I assume some formatting needs to be done or i’m populating the table incorrectly.

When you use $Person as your loop variable you cannot use $Users for your object creation.

Try it this way:

$OutArray =
Foreach ($Person in $Exist) {
    [PSCustomObject]@{
        XRefCode       = $Person.SamAccountName
        EmployeeNumber = $Person.SamAccountName
        FirstName      = $Person.GivenName
        LastName       = $Person.Surname
        BusinessEmail  = $Person.mail
    }
}
$OutArray

I think i’m backwards here. Sorry for this and i do appreciate this.

I start importing the CSV (call it $Import).
Then I get the ADusers with properties needed (call it $ADUsers).
Then use compare-object between the 2 using employee IDs as the compared item and passthrough which is called ($Exist).

$ADUsers = All AD items
$Import = Imported CSV
$Exist = the file that compared the 2 (which now only shows the IDs)

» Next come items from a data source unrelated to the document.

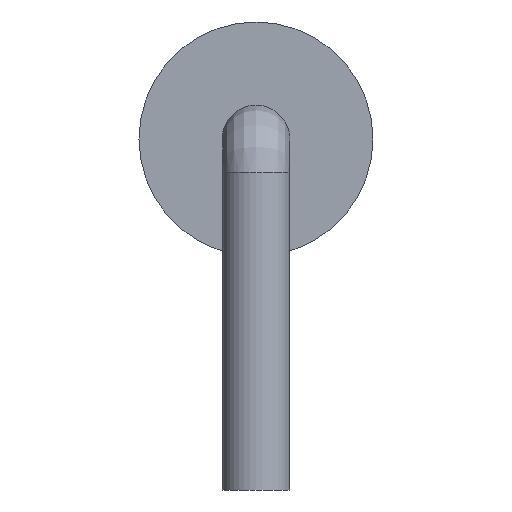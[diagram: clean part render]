
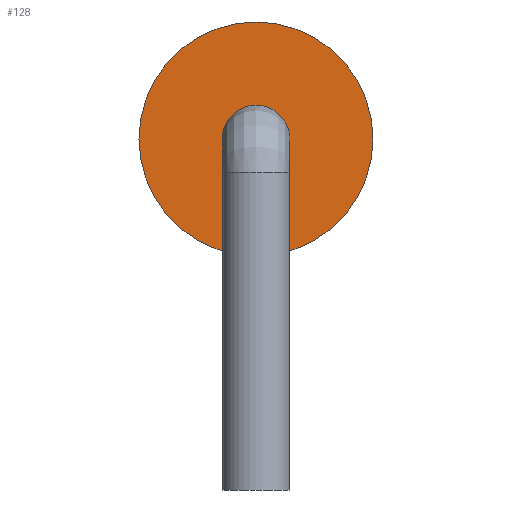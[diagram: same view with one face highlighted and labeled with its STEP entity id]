
A CAD part, left-side view. The second image highlights one B-rep face of the part: STEP entity #128.
In plain terms, the highlighted face is planar.
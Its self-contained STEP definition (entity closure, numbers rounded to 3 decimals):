
#50 = CYLINDRICAL_SURFACE('',#51,1.4);
#51 = AXIS2_PLACEMENT_3D('',#52,#53,#54);
#52 = CARTESIAN_POINT('',(0.,0.,0.));
#53 = DIRECTION('',(0.,0.,1.));
#54 = DIRECTION('',(1.,0.,-0.));
#75 = VERTEX_POINT('',#76);
#76 = CARTESIAN_POINT('',(1.4,0.,0.));
#97 = EDGE_CURVE('',#75,#75,#98,.T.);
#98 = SURFACE_CURVE('',#99,(#104,#111),.PCURVE_S1.);
#99 = CIRCLE('',#100,1.4);
#100 = AXIS2_PLACEMENT_3D('',#101,#102,#103);
#101 = CARTESIAN_POINT('',(0.,0.,0.));
#102 = DIRECTION('',(0.,0.,1.));
#103 = DIRECTION('',(1.,0.,-0.));
#104 = PCURVE('',#50,#105);
#105 = DEFINITIONAL_REPRESENTATION('',(#106),#110);
#106 = LINE('',#107,#108);
#107 = CARTESIAN_POINT('',(0.,0.));
#108 = VECTOR('',#109,1.);
#109 = DIRECTION('',(1.,0.));
#110 = ( GEOMETRIC_REPRESENTATION_CONTEXT(2) 
PARAMETRIC_REPRESENTATION_CONTEXT() REPRESENTATION_CONTEXT('2D SPACE',''
  ) );
#111 = PCURVE('',#112,#117);
#112 = PLANE('',#113);
#113 = AXIS2_PLACEMENT_3D('',#114,#115,#116);
#114 = CARTESIAN_POINT('',(0.,0.,0.));
#115 = DIRECTION('',(0.,0.,1.));
#116 = DIRECTION('',(1.,0.,-0.));
#117 = DEFINITIONAL_REPRESENTATION('',(#118),#122);
#118 = CIRCLE('',#119,1.4);
#119 = AXIS2_PLACEMENT_2D('',#120,#121);
#120 = CARTESIAN_POINT('',(0.,0.));
#121 = DIRECTION('',(1.,0.));
#122 = ( GEOMETRIC_REPRESENTATION_CONTEXT(2) 
PARAMETRIC_REPRESENTATION_CONTEXT() REPRESENTATION_CONTEXT('2D SPACE',''
  ) );
#128 = ADVANCED_FACE('',(#129),#112,.F.);
#129 = FACE_BOUND('',#130,.T.);
#130 = EDGE_LOOP('',(#131));
#131 = ORIENTED_EDGE('',*,*,#97,.F.);

When using a ForEach ($Person in $Exist) it’s only using the information inside the $Exist variable, right? So how do i get all the AD stuff from the $ADUsers variable into the table?

I’ll try to show what I mean …

$Import = @'
IDNumber
1
3
'@ | ConvertFrom-Csv | Select-Object -Property *,@{Name = 'ID';Expression = {$_.IDNumber}}

$ADUsers = @'
ID,Name,Mail
4,John,j@beatles.co.uk
1,Georg,g@beatles.co.uk
3,Paul,p@beatles.co.uk
2,Ringo,r@beatles.co.uk
'@ | ConvertFrom-Csv

Compare-Object -ReferenceObject $ADUsers -DifferenceObject $Import -Property 'ID' -PassThru -ExcludeDifferent -IncludeEqual -OutVariable Exist

This compares the $ADUsers against the imported IDs. The result will be saved in the variable $Exist and outputted to the console like this:

ID Name  Mail            SideIndicator
-- ----  ----            -------------
1  Georg g@beatles.co.uk ==
3  Paul  p@beatles.co.uk ==

You could pipe this - just as it is - to a Export-Csv.
If you insist on removing the column SideIndicator you could do

$Exist | Select-Object -ExcludeProperty SideIndicator

and pipe this to Export-Csv.

1 Like

I think I understand. It’s how i’m doing the compare-object. I think i’m stripping everything but the 2 fields to compare.

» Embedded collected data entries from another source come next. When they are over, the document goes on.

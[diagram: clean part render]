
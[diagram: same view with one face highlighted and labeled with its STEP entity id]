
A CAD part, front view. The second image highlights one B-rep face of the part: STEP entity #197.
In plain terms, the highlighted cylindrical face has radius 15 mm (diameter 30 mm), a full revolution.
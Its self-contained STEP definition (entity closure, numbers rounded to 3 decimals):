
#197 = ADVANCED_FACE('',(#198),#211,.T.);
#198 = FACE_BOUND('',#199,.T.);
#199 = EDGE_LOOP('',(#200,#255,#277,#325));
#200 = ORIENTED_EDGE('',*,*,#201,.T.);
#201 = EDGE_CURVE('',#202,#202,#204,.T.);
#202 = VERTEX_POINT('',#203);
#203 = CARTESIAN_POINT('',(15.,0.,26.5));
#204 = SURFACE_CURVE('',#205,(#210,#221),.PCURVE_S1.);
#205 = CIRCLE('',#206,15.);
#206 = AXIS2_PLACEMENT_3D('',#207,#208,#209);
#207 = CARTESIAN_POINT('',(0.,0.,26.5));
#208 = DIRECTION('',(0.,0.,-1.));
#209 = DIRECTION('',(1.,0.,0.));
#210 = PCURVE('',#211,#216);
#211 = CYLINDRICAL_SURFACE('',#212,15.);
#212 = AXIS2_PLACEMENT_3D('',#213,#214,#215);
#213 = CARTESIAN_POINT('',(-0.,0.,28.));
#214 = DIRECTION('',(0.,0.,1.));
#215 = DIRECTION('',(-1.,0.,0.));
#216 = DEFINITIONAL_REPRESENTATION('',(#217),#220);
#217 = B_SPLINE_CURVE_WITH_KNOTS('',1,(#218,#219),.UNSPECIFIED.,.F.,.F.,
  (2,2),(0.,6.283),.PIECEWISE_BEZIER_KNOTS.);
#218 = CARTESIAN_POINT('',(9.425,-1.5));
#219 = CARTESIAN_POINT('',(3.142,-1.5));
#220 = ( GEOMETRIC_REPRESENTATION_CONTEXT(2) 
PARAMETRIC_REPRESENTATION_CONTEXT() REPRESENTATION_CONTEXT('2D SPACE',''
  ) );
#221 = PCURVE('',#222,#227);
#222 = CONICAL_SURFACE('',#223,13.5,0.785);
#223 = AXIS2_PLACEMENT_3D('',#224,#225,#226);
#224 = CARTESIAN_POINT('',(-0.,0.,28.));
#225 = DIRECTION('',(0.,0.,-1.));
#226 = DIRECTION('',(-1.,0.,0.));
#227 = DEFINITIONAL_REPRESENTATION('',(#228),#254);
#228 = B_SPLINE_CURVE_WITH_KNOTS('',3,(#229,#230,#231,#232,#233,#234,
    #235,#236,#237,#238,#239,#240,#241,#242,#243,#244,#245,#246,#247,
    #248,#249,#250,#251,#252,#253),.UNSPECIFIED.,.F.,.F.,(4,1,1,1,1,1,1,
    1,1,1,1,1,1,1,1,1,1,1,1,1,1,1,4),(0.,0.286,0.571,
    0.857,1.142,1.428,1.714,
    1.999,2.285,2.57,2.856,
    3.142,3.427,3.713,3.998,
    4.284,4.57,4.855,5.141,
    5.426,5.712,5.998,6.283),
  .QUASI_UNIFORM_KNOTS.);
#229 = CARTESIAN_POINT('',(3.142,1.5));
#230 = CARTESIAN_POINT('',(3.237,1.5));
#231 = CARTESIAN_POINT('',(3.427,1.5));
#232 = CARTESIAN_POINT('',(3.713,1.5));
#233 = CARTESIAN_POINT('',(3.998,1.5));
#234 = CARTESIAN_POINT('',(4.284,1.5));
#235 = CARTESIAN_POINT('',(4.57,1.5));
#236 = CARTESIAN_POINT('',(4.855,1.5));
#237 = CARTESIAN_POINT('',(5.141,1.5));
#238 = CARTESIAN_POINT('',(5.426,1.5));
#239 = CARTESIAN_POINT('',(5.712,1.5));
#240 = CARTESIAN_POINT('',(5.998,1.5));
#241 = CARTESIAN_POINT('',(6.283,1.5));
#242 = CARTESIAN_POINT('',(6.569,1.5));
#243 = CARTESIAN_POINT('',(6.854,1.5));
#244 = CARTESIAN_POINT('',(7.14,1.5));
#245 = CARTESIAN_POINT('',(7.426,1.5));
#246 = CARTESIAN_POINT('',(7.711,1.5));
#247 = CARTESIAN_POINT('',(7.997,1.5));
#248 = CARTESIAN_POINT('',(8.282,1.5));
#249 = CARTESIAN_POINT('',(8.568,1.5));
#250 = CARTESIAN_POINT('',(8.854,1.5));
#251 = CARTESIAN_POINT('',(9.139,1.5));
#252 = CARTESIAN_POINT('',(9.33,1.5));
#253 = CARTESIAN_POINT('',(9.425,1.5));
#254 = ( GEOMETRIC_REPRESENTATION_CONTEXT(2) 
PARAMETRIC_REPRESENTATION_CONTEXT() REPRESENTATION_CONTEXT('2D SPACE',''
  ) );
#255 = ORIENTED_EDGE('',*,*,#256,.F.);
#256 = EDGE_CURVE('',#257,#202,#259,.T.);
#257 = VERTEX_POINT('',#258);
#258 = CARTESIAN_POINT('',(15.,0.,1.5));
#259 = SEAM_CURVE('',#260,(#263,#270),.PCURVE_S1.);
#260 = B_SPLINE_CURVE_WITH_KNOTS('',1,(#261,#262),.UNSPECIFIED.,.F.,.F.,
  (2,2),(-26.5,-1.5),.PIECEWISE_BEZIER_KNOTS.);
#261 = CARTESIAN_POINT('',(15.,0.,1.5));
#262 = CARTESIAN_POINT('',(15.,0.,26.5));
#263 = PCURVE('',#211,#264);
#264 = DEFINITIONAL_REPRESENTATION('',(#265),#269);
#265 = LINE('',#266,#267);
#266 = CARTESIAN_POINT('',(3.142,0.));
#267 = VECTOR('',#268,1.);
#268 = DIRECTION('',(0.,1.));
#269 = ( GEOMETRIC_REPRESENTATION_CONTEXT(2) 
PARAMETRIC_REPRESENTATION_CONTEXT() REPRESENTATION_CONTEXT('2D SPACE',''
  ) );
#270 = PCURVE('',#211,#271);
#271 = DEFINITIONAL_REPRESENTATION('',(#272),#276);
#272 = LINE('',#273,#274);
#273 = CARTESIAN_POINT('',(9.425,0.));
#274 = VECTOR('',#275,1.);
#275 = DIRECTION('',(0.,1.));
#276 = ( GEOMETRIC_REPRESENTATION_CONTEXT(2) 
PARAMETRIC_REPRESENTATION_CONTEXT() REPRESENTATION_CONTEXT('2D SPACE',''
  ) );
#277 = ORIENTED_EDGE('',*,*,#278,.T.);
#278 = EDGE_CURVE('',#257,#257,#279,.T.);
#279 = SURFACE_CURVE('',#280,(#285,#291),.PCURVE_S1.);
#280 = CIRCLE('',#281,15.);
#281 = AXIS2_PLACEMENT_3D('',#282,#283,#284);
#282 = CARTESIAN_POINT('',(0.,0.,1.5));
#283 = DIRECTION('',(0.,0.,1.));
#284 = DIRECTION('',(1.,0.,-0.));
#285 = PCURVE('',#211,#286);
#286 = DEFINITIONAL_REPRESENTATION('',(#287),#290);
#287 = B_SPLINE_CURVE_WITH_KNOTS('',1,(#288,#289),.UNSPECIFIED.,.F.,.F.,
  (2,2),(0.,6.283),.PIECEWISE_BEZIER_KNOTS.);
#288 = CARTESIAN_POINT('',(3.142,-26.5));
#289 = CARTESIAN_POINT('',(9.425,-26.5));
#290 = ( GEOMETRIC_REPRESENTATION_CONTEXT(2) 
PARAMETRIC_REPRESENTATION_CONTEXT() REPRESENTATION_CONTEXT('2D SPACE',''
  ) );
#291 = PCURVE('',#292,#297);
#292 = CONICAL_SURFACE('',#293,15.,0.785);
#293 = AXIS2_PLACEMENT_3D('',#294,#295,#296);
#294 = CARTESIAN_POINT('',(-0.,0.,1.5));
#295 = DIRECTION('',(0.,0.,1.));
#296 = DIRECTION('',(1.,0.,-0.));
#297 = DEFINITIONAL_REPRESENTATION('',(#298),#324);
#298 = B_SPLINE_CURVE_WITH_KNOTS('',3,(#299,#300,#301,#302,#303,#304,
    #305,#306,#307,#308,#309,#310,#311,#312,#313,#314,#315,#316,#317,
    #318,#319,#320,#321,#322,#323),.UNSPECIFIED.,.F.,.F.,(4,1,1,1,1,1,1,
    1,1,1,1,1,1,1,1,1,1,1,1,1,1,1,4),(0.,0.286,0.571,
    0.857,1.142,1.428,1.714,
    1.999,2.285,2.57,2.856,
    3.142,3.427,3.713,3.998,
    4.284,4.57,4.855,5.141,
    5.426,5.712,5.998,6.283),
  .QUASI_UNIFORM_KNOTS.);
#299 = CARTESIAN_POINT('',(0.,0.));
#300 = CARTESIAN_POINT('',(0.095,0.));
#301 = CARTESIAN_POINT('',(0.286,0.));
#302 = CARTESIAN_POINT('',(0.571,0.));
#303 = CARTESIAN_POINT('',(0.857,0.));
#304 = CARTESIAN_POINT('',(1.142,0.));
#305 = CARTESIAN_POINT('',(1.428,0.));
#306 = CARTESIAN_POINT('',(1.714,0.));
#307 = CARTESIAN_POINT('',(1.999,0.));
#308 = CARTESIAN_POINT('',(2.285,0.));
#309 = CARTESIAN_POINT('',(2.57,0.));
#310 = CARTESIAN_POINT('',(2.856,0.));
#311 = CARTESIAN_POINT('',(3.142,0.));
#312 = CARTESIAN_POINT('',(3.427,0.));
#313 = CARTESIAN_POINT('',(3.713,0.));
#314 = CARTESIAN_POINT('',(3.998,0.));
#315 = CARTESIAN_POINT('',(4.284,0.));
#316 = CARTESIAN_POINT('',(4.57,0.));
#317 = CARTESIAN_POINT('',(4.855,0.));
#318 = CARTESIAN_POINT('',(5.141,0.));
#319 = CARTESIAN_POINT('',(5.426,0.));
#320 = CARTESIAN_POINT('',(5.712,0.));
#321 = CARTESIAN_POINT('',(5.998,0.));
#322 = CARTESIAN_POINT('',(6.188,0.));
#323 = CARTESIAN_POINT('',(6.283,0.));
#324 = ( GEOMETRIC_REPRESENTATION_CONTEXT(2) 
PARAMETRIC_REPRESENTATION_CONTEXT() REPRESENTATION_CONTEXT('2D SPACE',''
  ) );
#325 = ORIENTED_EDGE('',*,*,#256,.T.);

$Exist = Compare-Object ($Importfile).ID ($ADUsers).employeeid -IncludeEqual -ExcludeDifferent -Passthru

So the return only have the 1 column of data. It is comparing 2 columns named differently, so maybe i need to have it just fully compare and save to the variable, then do the foreach loop?

Or do exactly how Olaf showed without a loop??

1 Like

That would work, I just need to figure out how to compare 2 differently named columns. Then it could do without a loop too.

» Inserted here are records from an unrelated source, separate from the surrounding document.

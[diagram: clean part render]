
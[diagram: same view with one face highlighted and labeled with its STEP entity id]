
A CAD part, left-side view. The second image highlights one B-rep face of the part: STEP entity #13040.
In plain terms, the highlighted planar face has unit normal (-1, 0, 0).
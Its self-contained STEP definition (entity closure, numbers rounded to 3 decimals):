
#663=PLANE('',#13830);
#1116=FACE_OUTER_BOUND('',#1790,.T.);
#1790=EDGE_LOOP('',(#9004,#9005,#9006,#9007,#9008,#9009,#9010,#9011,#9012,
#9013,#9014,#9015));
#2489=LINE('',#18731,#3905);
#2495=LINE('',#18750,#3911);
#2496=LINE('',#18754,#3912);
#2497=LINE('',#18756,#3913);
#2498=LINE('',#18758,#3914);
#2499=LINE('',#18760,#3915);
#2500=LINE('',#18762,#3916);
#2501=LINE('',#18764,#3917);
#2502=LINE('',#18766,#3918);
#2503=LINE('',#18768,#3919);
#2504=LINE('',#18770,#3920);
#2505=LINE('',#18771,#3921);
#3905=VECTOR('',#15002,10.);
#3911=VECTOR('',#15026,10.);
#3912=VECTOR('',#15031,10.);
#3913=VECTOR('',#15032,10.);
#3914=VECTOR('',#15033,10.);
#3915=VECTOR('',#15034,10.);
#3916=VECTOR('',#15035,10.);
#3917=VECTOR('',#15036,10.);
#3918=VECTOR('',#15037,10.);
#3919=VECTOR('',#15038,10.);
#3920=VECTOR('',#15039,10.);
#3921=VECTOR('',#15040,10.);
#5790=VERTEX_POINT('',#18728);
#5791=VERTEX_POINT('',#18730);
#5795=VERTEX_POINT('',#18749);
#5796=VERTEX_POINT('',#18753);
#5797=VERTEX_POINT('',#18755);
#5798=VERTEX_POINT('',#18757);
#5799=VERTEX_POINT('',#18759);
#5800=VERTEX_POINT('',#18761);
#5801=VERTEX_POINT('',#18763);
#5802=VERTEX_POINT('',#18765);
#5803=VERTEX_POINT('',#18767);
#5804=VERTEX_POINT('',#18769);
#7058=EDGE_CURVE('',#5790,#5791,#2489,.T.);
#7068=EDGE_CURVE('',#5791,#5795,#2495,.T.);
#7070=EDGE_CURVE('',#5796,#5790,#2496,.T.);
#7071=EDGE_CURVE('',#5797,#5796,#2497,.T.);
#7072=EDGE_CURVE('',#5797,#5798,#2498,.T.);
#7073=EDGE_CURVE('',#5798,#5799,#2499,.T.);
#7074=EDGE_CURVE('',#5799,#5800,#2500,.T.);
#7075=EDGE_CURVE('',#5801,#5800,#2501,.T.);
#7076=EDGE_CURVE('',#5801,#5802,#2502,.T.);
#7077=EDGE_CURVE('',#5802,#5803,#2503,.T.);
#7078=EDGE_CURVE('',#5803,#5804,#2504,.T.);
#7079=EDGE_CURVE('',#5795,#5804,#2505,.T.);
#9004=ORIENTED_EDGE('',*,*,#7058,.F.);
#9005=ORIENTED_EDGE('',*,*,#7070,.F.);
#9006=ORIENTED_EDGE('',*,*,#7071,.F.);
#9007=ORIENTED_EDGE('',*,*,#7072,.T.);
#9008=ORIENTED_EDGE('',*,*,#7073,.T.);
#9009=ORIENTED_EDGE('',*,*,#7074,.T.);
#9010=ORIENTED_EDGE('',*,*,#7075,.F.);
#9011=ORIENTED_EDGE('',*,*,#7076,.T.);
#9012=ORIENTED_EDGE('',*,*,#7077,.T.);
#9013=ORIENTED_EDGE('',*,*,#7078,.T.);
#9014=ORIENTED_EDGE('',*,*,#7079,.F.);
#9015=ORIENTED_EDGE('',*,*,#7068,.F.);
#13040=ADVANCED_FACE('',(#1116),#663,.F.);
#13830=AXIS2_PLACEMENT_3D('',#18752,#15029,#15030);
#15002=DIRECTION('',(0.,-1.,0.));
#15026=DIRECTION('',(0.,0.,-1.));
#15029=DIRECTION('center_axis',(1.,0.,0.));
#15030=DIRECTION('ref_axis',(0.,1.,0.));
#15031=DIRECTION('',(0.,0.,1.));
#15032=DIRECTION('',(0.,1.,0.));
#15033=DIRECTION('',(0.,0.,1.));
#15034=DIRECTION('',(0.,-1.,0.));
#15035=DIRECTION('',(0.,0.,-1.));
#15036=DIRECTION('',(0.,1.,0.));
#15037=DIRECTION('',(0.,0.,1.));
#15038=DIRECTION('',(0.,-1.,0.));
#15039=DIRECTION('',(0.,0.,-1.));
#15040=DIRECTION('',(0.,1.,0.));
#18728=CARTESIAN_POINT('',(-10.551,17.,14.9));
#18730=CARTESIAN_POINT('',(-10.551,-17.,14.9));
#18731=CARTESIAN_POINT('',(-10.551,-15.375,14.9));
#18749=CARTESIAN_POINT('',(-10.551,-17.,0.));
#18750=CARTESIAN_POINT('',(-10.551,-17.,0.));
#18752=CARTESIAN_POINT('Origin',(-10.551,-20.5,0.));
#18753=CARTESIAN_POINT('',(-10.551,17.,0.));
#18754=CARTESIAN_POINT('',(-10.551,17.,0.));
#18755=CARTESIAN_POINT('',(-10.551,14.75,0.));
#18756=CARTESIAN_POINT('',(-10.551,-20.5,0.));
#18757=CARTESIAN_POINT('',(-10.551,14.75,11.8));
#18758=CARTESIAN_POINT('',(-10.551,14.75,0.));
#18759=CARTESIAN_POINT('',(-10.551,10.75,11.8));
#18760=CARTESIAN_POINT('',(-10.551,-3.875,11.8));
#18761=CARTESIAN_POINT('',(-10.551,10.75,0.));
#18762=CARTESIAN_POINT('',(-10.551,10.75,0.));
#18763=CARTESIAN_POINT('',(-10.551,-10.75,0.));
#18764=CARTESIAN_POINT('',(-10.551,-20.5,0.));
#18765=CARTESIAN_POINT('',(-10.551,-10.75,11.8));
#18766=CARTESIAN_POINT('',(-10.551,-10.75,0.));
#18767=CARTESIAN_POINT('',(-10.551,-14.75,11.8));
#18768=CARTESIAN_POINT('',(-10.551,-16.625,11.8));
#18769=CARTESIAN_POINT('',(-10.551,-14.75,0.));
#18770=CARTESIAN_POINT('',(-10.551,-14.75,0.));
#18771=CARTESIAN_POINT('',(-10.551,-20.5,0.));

Your original requirements were to compare the ID and if it matches, output the user data. What has changed?

You could prepare the input objects before the comparison with a Select-Object with a calculated property to change a property name if needed.

I think he meant ID and IDNumber:wink:

Yes, the data is to match, but the column names are different.